To: Stand Watch Listen
Bush the conservative? Before he was nominated I said that he wasn't a conservative.
To: Stand Watch Listen
Don't you just love it when politicians of either party visit city or town x and proclaim:
"I am so proud to bring z million federal dollars to help the people of this community"
?
Such proclamations should be banned until penalty of jail.

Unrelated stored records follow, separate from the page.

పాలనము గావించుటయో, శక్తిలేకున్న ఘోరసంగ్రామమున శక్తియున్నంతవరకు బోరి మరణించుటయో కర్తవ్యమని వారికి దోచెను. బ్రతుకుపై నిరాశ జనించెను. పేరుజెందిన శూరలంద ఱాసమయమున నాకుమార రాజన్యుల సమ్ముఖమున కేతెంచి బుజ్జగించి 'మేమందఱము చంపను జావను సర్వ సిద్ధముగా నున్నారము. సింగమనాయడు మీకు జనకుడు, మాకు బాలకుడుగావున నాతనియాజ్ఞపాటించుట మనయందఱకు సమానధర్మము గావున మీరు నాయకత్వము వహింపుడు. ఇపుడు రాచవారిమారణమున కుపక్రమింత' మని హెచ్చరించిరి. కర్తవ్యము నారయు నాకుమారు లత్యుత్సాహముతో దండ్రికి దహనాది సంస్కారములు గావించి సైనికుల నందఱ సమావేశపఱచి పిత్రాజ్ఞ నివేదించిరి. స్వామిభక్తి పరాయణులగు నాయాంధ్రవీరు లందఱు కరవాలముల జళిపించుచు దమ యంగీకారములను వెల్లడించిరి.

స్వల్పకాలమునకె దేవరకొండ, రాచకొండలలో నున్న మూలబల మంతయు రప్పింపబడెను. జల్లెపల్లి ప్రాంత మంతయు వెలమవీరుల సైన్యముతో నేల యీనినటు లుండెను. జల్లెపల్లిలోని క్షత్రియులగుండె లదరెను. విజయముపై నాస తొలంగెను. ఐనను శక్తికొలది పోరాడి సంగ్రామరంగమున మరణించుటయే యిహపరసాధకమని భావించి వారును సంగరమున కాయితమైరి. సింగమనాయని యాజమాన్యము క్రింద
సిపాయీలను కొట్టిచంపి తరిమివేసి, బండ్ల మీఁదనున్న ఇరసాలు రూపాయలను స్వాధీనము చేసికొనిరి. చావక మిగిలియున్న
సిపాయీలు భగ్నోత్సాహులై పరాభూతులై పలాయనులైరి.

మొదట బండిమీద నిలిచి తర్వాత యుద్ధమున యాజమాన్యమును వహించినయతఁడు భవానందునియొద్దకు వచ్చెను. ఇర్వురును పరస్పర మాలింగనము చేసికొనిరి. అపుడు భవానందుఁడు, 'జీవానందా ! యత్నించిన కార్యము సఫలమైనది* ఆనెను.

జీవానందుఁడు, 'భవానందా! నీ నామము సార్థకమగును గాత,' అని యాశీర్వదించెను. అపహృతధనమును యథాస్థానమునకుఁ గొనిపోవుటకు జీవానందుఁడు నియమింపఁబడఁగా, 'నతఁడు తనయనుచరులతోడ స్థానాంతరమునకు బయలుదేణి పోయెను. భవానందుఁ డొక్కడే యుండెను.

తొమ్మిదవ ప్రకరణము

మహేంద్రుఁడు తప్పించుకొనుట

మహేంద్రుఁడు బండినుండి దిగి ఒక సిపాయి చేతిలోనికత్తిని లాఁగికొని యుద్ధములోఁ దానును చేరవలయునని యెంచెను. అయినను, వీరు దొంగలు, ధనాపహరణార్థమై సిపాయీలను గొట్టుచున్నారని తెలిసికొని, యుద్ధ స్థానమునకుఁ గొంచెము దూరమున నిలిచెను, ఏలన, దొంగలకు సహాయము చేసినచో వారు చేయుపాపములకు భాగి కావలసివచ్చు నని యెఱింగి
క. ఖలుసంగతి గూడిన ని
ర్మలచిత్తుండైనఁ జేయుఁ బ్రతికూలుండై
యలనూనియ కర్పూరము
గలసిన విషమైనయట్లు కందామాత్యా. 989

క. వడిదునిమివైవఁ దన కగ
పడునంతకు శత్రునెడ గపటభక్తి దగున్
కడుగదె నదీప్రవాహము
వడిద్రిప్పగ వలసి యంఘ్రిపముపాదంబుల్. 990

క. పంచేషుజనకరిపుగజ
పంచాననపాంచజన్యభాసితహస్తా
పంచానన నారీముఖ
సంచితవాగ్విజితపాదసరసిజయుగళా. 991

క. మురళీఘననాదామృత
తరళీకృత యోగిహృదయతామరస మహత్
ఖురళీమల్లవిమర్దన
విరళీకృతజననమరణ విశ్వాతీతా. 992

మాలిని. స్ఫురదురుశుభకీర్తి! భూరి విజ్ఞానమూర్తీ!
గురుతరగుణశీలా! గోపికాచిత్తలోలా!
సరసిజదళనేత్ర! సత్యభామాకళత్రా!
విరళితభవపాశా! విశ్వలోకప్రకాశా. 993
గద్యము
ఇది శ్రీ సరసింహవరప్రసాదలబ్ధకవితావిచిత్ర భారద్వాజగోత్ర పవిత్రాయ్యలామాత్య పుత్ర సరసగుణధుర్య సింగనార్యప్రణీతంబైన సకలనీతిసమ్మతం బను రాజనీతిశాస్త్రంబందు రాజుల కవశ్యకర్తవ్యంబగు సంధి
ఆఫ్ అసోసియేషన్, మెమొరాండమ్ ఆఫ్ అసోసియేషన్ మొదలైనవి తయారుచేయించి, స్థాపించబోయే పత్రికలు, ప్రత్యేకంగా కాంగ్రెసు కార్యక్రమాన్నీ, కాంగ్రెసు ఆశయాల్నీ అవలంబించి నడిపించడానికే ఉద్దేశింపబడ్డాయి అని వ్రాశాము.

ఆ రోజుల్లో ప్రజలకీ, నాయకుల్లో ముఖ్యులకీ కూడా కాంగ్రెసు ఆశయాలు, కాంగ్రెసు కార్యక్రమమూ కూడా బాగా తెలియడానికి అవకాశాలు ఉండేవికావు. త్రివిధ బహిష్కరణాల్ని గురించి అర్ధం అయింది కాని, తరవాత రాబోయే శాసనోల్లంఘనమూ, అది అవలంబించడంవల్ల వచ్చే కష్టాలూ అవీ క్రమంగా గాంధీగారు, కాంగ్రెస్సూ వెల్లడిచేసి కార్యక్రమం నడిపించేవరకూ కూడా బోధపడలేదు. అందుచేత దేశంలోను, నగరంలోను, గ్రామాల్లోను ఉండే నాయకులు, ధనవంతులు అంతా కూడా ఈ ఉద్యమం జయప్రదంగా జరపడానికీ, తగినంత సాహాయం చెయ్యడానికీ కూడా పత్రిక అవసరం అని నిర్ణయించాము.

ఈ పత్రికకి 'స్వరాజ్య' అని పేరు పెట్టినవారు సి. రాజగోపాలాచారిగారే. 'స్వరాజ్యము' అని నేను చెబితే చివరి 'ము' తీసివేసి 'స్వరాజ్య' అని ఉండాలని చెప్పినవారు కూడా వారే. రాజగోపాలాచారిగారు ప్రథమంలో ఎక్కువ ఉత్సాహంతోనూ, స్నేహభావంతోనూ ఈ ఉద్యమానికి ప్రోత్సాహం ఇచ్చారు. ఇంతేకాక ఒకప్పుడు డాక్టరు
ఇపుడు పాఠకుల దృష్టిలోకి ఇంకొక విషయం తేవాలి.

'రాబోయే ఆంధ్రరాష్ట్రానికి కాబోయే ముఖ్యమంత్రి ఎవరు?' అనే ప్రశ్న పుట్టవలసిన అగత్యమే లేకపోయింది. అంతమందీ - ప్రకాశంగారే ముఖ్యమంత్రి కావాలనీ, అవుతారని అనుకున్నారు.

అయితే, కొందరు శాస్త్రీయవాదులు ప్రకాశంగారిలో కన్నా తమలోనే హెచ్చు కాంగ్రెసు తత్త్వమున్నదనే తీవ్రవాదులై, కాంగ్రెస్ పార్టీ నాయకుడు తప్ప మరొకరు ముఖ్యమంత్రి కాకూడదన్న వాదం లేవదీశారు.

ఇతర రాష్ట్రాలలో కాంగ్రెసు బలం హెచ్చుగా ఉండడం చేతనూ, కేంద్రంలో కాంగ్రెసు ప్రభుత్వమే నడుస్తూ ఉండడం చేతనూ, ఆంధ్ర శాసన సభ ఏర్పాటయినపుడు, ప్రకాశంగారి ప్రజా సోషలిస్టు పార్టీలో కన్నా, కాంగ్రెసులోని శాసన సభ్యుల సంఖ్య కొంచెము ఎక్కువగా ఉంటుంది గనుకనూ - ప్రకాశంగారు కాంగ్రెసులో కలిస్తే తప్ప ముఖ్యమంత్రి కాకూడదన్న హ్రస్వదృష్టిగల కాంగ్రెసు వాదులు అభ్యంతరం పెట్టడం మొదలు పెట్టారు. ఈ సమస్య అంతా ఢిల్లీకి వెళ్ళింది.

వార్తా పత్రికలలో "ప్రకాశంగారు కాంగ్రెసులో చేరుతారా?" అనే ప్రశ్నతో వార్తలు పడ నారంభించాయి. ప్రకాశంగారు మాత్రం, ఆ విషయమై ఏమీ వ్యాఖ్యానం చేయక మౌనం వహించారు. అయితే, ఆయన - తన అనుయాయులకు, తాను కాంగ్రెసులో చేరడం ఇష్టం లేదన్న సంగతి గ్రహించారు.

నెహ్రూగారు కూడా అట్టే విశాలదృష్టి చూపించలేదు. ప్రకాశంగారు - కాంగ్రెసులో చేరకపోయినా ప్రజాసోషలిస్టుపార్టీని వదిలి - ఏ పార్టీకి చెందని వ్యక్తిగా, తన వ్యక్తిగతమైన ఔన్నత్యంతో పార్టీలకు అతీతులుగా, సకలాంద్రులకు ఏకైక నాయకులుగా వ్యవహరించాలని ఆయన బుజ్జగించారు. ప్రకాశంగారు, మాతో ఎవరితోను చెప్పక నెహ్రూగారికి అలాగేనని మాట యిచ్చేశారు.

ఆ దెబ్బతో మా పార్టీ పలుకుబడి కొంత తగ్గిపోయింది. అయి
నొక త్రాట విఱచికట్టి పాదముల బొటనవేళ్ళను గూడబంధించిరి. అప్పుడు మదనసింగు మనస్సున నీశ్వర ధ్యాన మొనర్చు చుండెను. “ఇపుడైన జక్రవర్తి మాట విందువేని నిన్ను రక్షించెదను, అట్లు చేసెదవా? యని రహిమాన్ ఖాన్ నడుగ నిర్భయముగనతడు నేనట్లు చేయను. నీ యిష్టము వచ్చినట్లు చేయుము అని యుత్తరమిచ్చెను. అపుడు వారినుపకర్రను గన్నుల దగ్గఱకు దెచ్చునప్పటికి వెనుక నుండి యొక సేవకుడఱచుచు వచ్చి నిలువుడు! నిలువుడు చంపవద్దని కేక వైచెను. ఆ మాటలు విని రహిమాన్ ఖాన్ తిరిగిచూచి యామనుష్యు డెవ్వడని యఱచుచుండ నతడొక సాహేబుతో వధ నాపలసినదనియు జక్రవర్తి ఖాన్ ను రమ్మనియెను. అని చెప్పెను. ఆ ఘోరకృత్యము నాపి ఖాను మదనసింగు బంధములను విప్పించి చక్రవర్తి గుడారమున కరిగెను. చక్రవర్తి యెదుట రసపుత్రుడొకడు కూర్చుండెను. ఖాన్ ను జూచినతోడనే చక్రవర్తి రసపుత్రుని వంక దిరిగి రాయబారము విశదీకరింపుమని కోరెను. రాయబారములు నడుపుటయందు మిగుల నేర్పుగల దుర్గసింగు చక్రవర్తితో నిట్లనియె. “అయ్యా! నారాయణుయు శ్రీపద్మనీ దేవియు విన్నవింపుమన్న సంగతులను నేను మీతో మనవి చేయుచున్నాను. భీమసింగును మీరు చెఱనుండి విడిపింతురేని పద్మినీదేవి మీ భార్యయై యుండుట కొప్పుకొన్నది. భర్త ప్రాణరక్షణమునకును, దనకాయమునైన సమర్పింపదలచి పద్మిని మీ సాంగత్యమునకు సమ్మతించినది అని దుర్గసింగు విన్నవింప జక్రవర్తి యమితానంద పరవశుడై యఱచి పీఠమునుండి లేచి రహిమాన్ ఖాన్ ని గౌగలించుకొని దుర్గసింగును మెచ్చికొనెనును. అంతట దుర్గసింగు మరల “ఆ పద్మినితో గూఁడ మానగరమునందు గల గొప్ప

Until the politicians stop feeling so good about their spending they sure aren't going to stop doing it. :(
8 posted on
12/06/2002 8:33:59 AM PST by
cgbg
To: Askel5
To: Stand Watch Listen
With the 2003 federal budget almost done, theres now a price tag for this 2000-2003 spending spree: $782 billion in new spending. Not $782 billion in total spending, mind you, but $782 billion above what Washington spent in the previous four years. Eventually, taxes will need to be raised by more than $5,000 per household to pay for it. With the exception of World War II, on a per-household basis, 2000-2003 will become the largest four-year federal spending spree in American history. Thank goodness Bush is giving the SEC .85 billion dollars to keep an eye on evil corporations. But nobody needs to keep an eye on the government. We can trust them. And in related news, the accounting oversight board voted themselves half million dollar salaries. There's a new tone in Washington.
To: Stand Watch Listen
How did Congress and the president do it? Did they carefully assess the nations needs and then decide that one or two national priorities were worth an extra $782 billion? They looked at what votes were for sale and then how much they could pay for them with other people's money.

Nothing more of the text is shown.